I guess I shouldn't, huh? I have a wonderful husband, four healthy children, a nice home... God has blessed me tremendously. It's just that some days I feel overwhelmed. Homeschooling, cleaning, laundry, cooking, running our business... hardly ever any free time. Yes, I know, when my kiddos are gone I'll finally have the time for "me", and then I'll lament how I wish they were back.

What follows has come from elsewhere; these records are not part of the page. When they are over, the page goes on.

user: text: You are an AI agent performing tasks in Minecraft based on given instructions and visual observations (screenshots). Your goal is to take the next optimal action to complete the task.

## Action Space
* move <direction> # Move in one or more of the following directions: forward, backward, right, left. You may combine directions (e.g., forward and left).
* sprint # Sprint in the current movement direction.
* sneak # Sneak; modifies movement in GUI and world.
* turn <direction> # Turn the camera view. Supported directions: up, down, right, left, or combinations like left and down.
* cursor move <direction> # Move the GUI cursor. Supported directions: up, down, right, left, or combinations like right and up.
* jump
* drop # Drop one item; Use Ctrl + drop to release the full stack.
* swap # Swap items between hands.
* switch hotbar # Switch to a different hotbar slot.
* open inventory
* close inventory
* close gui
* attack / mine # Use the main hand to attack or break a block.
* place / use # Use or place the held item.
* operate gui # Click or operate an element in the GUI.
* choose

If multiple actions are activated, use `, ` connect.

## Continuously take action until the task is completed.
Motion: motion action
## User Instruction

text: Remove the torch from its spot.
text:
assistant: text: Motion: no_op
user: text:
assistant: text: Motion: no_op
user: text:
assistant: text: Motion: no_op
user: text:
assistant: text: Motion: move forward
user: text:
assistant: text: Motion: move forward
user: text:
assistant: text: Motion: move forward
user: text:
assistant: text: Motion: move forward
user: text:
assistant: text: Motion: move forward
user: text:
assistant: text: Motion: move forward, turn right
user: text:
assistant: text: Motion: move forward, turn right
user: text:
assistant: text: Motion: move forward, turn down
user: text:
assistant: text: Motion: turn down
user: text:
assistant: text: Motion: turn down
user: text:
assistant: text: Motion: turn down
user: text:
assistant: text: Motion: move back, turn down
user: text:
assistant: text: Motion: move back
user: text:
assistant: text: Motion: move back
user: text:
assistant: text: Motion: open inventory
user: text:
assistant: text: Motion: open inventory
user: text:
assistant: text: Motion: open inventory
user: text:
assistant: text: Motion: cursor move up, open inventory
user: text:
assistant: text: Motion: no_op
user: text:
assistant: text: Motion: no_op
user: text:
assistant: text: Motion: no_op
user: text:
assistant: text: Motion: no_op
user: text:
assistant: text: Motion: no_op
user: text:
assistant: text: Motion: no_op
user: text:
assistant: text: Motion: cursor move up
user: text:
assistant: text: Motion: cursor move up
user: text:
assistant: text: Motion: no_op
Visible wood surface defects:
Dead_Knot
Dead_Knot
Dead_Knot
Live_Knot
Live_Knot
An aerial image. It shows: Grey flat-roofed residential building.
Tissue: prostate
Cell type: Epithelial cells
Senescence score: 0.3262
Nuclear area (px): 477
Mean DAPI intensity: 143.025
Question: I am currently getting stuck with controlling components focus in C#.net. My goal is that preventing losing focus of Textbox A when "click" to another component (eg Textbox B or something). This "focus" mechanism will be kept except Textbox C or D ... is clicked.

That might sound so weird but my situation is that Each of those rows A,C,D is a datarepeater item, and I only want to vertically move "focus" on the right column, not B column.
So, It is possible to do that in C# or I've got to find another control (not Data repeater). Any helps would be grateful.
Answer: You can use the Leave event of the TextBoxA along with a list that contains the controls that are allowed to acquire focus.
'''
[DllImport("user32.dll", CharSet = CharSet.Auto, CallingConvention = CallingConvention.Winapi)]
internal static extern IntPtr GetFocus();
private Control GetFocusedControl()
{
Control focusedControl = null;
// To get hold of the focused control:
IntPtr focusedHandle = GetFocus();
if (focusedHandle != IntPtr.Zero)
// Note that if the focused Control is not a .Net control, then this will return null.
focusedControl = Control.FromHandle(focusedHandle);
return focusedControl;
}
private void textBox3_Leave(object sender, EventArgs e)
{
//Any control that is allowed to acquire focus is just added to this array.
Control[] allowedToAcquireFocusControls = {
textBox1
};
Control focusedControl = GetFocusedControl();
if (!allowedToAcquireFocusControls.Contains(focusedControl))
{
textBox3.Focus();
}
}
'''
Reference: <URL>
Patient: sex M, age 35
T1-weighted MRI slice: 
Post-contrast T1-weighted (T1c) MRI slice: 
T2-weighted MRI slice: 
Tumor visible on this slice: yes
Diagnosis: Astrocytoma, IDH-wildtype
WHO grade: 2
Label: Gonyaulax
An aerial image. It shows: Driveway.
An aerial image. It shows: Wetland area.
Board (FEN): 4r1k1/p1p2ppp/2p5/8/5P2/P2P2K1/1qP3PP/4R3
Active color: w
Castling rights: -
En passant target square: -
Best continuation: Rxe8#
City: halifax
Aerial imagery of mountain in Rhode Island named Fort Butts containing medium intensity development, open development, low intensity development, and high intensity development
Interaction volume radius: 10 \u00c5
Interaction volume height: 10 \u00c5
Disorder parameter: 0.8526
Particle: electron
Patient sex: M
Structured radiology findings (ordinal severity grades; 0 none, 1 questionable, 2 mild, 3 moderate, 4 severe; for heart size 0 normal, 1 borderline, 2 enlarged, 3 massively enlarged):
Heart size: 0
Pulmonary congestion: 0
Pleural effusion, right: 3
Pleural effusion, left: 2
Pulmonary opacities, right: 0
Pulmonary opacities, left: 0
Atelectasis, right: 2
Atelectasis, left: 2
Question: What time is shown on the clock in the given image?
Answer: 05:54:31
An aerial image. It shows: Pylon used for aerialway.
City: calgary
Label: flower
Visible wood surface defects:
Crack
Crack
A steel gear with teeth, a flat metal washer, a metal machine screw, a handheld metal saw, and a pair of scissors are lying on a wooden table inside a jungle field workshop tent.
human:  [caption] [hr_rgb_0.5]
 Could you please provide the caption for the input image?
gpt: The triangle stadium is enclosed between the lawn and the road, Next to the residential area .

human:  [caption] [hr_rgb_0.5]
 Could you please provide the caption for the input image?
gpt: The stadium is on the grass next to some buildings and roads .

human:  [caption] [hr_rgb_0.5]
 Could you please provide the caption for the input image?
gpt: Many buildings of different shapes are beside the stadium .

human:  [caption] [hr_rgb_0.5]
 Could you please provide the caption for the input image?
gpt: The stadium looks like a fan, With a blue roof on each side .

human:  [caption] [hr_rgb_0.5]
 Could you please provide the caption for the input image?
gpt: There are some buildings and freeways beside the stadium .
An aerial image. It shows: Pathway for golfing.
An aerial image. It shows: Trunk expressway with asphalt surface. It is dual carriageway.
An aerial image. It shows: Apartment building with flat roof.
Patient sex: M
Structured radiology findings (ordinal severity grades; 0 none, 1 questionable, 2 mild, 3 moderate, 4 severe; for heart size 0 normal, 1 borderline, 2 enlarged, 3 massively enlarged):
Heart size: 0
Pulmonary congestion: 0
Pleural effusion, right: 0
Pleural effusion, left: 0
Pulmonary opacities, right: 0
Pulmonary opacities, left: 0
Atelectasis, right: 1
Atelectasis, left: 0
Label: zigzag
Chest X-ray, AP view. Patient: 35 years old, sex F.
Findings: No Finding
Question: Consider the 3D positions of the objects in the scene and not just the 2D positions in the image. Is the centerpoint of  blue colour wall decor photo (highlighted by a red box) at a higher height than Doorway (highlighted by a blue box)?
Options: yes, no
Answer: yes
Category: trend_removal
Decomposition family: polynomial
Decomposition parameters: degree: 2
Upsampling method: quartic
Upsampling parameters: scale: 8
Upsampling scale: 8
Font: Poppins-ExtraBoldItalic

My oldest son will be 15 on Friday. Yesterday was the 12th anniversary of my Mother's death. She was 51 years old. My husband is almost 45. Not so far apart. Mama was a wonderful, loving person. Everyone who met her loved her. She literally was here today, gone tomorrow. Never take those you love for granted. People will tell you that you could step off the curb and get hit by a bus tomorrow. We laugh, but it's true. My mom was fine on Friday night... my last words were "Talk to you tomorrow! Love you!". The next day, she went to the hospital for tests. No big deal, right? She coded in the elevator. They revived her. Two hours later, she coded again. That was it. Gone. I miss her dreadfully. I often think that if she was still here, not only would my boys have their "Memaw" but maybe my sister and I would still be friends. Only God knows for sure.
Good news... my brother and his boys came over again to visit. What a treat. My son commented today that he had a blast Saturday night.. it was my four boys, my brother's three boys, and our friend's two children (one boy one girl). We had a great time. I love having family over. Our friend's have been friends for over 19 years. My kids call them Aunt and Uncle. I tell everyone that since my relatives are either dead or abandoned me, I just went out and adopted new ones!!
My best friend is moving. It has become a trend. I'm not sure whether to take it personally! I make a friend, we become close, and then they move away. It can be depressing to think about. I know I'll probably never be the one to move away.
Off to do laundry. *sigh* I'll post some ATC's I am working on later.